BEGIN Materials provided
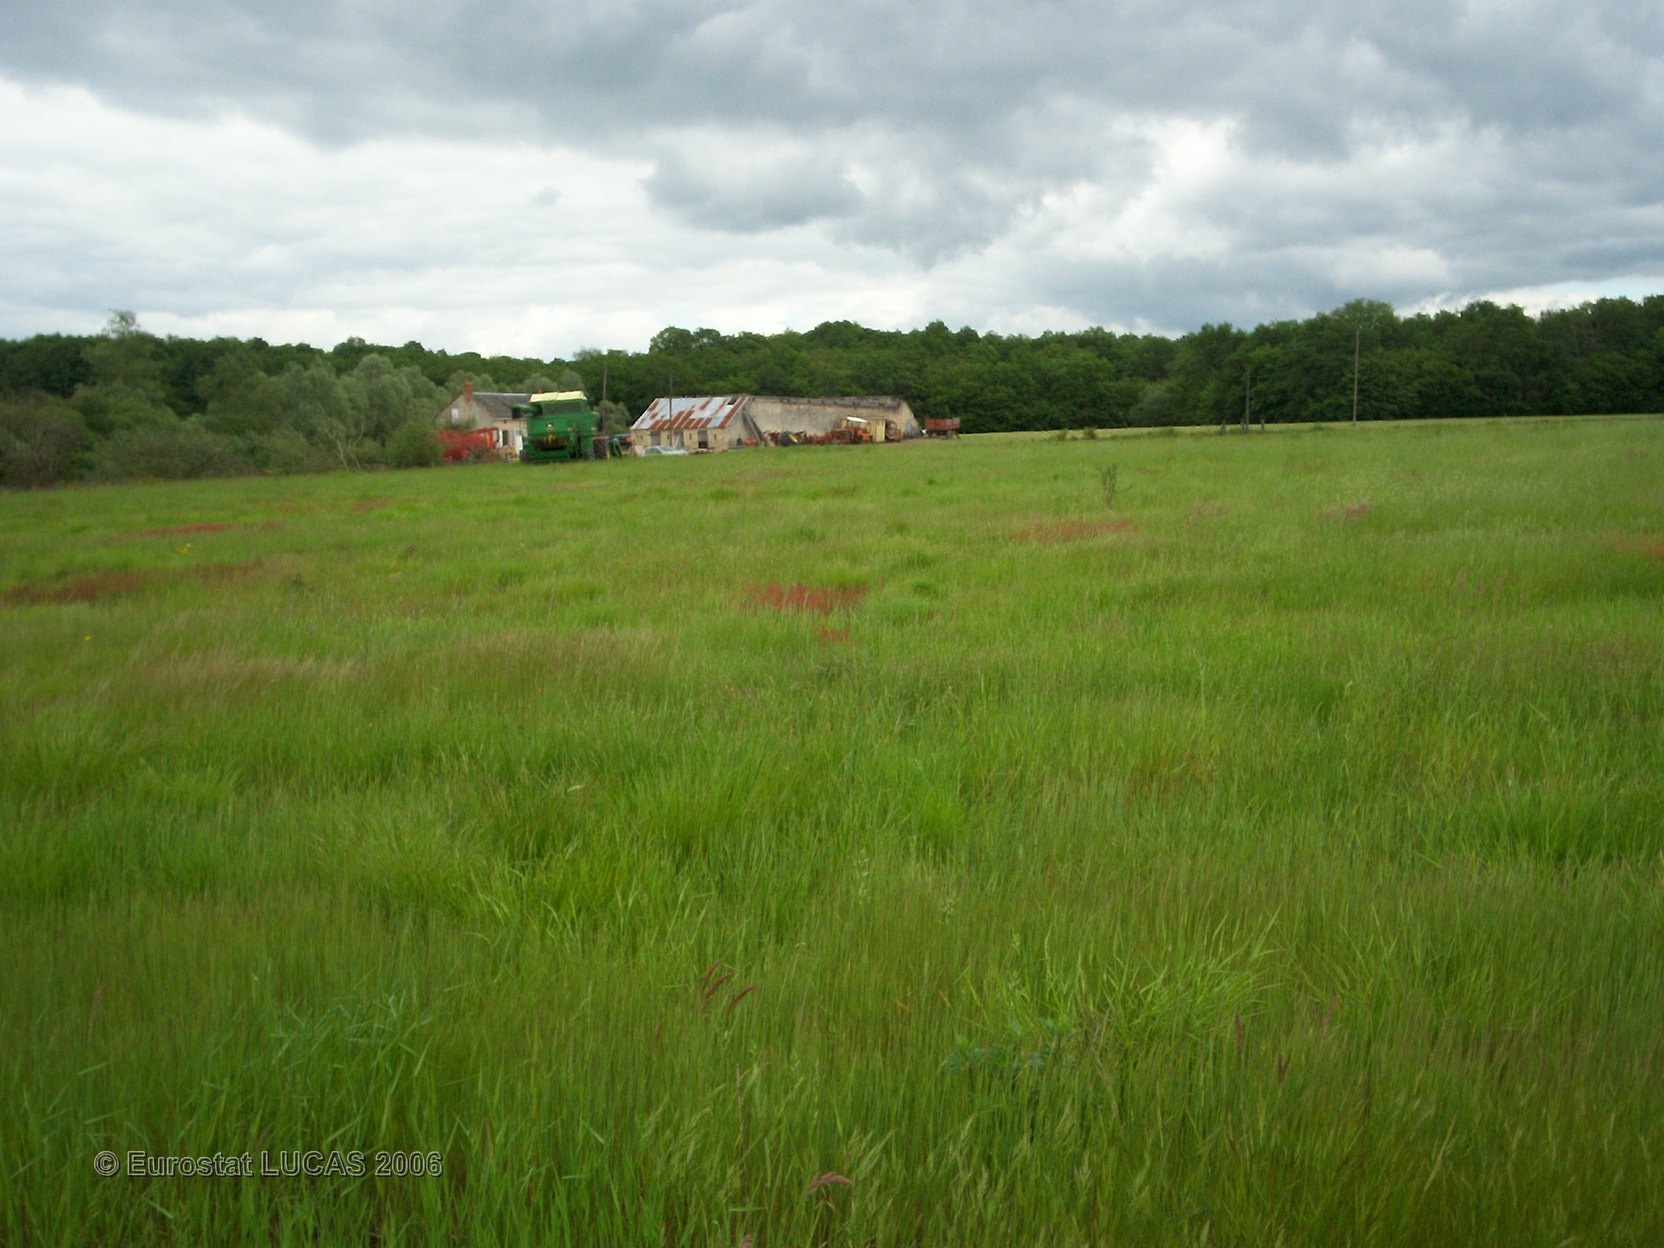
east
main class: Grassland
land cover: Grassland without tree/shrub cover
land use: Agriculture (excluding fallow land and kitchen gardens)
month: May
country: FR
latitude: 46.8597
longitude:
END Materials provided
*Problem statement*: What is needed is an exact copy of all the records, minus any pictures.

*Solution*:
east
main class: Grassland
land cover: Grassland without tree/shrub cover
land use: Agriculture (excluding fallow land and kitchen gardens)
month: May
country: FR
latitude: 46.8597
longitude:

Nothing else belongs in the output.